▶ What you will do: Copy out every entry precisely.

▶ Records from a dataset:
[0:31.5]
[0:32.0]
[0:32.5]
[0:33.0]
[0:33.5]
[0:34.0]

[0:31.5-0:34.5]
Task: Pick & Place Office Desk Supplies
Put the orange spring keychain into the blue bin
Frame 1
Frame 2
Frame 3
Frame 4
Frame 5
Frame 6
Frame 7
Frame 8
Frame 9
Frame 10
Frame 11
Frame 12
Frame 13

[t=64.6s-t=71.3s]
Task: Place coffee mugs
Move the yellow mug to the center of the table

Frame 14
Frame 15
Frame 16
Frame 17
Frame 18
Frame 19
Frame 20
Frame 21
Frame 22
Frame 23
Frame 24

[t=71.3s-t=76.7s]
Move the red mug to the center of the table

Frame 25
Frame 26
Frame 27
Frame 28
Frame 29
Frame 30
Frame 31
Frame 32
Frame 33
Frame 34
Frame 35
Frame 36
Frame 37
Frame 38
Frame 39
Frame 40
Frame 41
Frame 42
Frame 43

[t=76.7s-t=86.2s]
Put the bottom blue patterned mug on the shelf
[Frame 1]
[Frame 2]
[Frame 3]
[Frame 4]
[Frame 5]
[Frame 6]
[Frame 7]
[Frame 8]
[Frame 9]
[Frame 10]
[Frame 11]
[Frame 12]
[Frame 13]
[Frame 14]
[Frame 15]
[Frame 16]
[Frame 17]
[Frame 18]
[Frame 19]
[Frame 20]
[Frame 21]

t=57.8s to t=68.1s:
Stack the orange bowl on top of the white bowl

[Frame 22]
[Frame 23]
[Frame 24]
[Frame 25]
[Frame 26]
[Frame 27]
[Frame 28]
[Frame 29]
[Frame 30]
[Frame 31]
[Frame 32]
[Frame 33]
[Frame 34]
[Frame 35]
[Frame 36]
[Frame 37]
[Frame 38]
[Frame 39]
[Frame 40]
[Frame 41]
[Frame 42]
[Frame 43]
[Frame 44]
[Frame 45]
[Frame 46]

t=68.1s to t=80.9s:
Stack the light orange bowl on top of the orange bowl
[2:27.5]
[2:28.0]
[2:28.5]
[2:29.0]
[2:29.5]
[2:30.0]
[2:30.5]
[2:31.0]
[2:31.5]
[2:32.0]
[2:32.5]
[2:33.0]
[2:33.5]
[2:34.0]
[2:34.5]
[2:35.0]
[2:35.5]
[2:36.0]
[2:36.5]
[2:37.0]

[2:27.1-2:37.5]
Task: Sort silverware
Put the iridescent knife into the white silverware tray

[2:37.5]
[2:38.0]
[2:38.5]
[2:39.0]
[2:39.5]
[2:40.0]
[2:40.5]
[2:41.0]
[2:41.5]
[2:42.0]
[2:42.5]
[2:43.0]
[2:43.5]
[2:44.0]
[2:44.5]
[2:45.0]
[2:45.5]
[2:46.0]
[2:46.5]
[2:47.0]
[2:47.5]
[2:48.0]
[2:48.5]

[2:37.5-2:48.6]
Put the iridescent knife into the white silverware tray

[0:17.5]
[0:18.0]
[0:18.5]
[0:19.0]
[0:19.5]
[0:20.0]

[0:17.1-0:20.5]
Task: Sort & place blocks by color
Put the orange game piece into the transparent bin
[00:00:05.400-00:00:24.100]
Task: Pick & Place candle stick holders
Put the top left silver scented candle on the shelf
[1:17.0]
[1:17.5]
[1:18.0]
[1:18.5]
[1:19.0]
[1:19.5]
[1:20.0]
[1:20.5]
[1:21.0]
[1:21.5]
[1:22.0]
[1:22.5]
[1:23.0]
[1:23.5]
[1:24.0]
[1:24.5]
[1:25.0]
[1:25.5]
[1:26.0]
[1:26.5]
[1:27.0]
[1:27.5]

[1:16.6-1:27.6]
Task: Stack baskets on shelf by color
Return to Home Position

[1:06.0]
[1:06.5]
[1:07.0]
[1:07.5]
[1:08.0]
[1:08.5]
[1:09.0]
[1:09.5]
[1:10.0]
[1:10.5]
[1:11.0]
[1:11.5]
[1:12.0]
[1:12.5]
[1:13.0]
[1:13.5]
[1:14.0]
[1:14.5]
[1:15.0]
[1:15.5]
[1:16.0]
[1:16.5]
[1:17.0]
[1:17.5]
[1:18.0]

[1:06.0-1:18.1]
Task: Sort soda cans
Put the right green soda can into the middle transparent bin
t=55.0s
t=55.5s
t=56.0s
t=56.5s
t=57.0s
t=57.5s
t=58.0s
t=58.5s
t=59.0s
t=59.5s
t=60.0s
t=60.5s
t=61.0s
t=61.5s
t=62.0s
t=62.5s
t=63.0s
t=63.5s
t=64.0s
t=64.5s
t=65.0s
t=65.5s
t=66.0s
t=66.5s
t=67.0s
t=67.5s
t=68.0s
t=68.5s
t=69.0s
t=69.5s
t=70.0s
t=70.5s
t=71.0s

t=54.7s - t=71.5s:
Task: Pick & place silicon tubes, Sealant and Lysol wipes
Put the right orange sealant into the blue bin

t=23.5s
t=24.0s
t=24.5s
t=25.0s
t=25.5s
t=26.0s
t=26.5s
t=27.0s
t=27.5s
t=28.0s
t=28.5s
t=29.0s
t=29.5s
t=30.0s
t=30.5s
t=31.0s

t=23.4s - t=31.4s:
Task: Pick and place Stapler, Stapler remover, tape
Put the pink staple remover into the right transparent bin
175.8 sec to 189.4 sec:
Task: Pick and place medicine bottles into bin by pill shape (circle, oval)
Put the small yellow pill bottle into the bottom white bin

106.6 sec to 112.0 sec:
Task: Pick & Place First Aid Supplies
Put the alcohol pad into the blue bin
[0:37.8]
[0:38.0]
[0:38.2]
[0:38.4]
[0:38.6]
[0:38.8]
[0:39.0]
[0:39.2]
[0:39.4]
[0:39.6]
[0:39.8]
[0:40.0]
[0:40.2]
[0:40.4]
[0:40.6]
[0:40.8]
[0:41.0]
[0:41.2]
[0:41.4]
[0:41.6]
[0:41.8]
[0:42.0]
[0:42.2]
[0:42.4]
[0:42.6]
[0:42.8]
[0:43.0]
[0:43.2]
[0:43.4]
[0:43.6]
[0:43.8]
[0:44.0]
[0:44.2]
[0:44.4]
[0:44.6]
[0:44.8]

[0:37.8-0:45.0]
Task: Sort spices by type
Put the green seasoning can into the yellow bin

▶ Solution to this problem:
[0:31.5]
[0:32.0]
[0:32.5]
[0:33.0]
[0:33.5]
[0:34.0]

[0:31.5-0:34.5]
Task: Pick & Place Office Desk Supplies
Put the orange spring keychain into the blue bin
Frame 1
Frame 2
Frame 3
Frame 4
Frame 5
Frame 6
Frame 7
Frame 8
Frame 9
Frame 10
Frame 11
Frame 12
Frame 13

[t=64.6s-t=71.3s]
Task: Place coffee mugs
Move the yellow mug to the center of the table

Frame 14
Frame 15
Frame 16
Frame 17
Frame 18
Frame 19
Frame 20
Frame 21
Frame 22
Frame 23
Frame 24

[t=71.3s-t=76.7s]
Move the red mug to the center of the table

Frame 25
Frame 26
Frame 27
Frame 28
Frame 29
Frame 30
Frame 31
Frame 32
Frame 33
Frame 34
Frame 35
Frame 36
Frame 37
Frame 38
Frame 39
Frame 40
Frame 41
Frame 42
Frame 43

[t=76.7s-t=86.2s]
Put the bottom blue patterned mug on the shelf
[Frame 1]
[Frame 2]
[Frame 3]
[Frame 4]
[Frame 5]
[Frame 6]
[Frame 7]
[Frame 8]
[Frame 9]
[Frame 10]
[Frame 11]
[Frame 12]
[Frame 13]
[Frame 14]
[Frame 15]
[Frame 16]
[Frame 17]
[Frame 18]
[Frame 19]
[Frame 20]
[Frame 21]

t=57.8s to t=68.1s:
Stack the orange bowl on top of the white bowl

[Frame 22]
[Frame 23]
[Frame 24]
[Frame 25]
[Frame 26]
[Frame 27]
[Frame 28]
[Frame 29]
[Frame 30]
[Frame 31]
[Frame 32]
[Frame 33]
[Frame 34]
[Frame 35]
[Frame 36]
[Frame 37]
[Frame 38]
[Frame 39]
[Frame 40]
[Frame 41]
[Frame 42]
[Frame 43]
[Frame 44]
[Frame 45]
[Frame 46]

t=68.1s to t=80.9s:
Stack the light orange bowl on top of the orange bowl
[2:27.5]
[2:28.0]
[2:28.5]
[2:29.0]
[2:29.5]
[2:30.0]
[2:30.5]
[2:31.0]
[2:31.5]
[2:32.0]
[2:32.5]
[2:33.0]
[2:33.5]
[2:34.0]
[2:34.5]
[2:35.0]
[2:35.5]
[2:36.0]
[2:36.5]
[2:37.0]

[2:27.1-2:37.5]
Task: Sort silverware
Put the iridescent knife into the white silverware tray

[2:37.5]
[2:38.0]
[2:38.5]
[2:39.0]
[2:39.5]
[2:40.0]
[2:40.5]
[2:41.0]
[2:41.5]
[2:42.0]
[2:42.5]
[2:43.0]
[2:43.5]
[2:44.0]
[2:44.5]
[2:45.0]
[2:45.5]
[2:46.0]
[2:46.5]
[2:47.0]
[2:47.5]
[2:48.0]
[2:48.5]

[2:37.5-2:48.6]
Put the iridescent knife into the white silverware tray

[0:17.5]
[0:18.0]
[0:18.5]
[0:19.0]
[0:19.5]
[0:20.0]

[0:17.1-0:20.5]
Task: Sort & place blocks by color
Put the orange game piece into the transparent bin
[00:00:05.400-00:00:24.100]
Task: Pick & Place candle stick holders
Put the top left silver scented candle on the shelf
[1:17.0]
[1:17.5]
[1:18.0]
[1:18.5]
[1:19.0]
[1:19.5]
[1:20.0]
[1:20.5]
[1:21.0]
[1:21.5]
[1:22.0]
[1:22.5]
[1:23.0]
[1:23.5]
[1:24.0]
[1:24.5]
[1:25.0]
[1:25.5]
[1:26.0]
[1:26.5]
[1:27.0]
[1:27.5]

[1:16.6-1:27.6]
Task: Stack baskets on shelf by color
Return to Home Position

[1:06.0]
[1:06.5]
[1:07.0]
[1:07.5]
[1:08.0]
[1:08.5]
[1:09.0]
[1:09.5]
[1:10.0]
[1:10.5]
[1:11.0]
[1:11.5]
[1:12.0]
[1:12.5]
[1:13.0]
[1:13.5]
[1:14.0]
[1:14.5]
[1:15.0]
[1:15.5]
[1:16.0]
[1:16.5]
[1:17.0]
[1:17.5]
[1:18.0]

[1:06.0-1:18.1]
Task: Sort soda cans
Put the right green soda can into the middle transparent bin
t=55.0s
t=55.5s
t=56.0s
t=56.5s
t=57.0s
t=57.5s
t=58.0s
t=58.5s
t=59.0s
t=59.5s
t=60.0s
t=60.5s
t=61.0s
t=61.5s
t=62.0s
t=62.5s
t=63.0s
t=63.5s
t=64.0s
t=64.5s
t=65.0s
t=65.5s
t=66.0s
t=66.5s
t=67.0s
t=67.5s
t=68.0s
t=68.5s
t=69.0s
t=69.5s
t=70.0s
t=70.5s
t=71.0s

t=54.7s - t=71.5s:
Task: Pick & place silicon tubes, Sealant and Lysol wipes
Put the right orange sealant into the blue bin

t=23.5s
t=24.0s
t=24.5s
t=25.0s
t=25.5s
t=26.0s
t=26.5s
t=27.0s
t=27.5s
t=28.0s
t=28.5s
t=29.0s
t=29.5s
t=30.0s
t=30.5s
t=31.0s

t=23.4s - t=31.4s:
Task: Pick and place Stapler, Stapler remover, tape
Put the pink staple remover into the right transparent bin
175.8 sec to 189.4 sec:
Task: Pick and place medicine bottles into bin by pill shape (circle, oval)
Put the small yellow pill bottle into the bottom white bin

106.6 sec to 112.0 sec:
Task: Pick & Place First Aid Supplies
Put the alcohol pad into the blue bin
[0:37.8]
[0:38.0]
[0:38.2]
[0:38.4]
[0:38.6]
[0:38.8]
[0:39.0]
[0:39.2]
[0:39.4]
[0:39.6]
[0:39.8]
[0:40.0]
[0:40.2]
[0:40.4]
[0:40.6]
[0:40.8]
[0:41.0]
[0:41.2]
[0:41.4]
[0:41.6]
[0:41.8]
[0:42.0]
[0:42.2]
[0:42.4]
[0:42.6]
[0:42.8]
[0:43.0]
[0:43.2]
[0:43.4]
[0:43.6]
[0:43.8]
[0:44.0]
[0:44.2]
[0:44.4]
[0:44.6]
[0:44.8]

[0:37.8-0:45.0]
Task: Sort spices by type
Put the green seasoning can into the yellow bin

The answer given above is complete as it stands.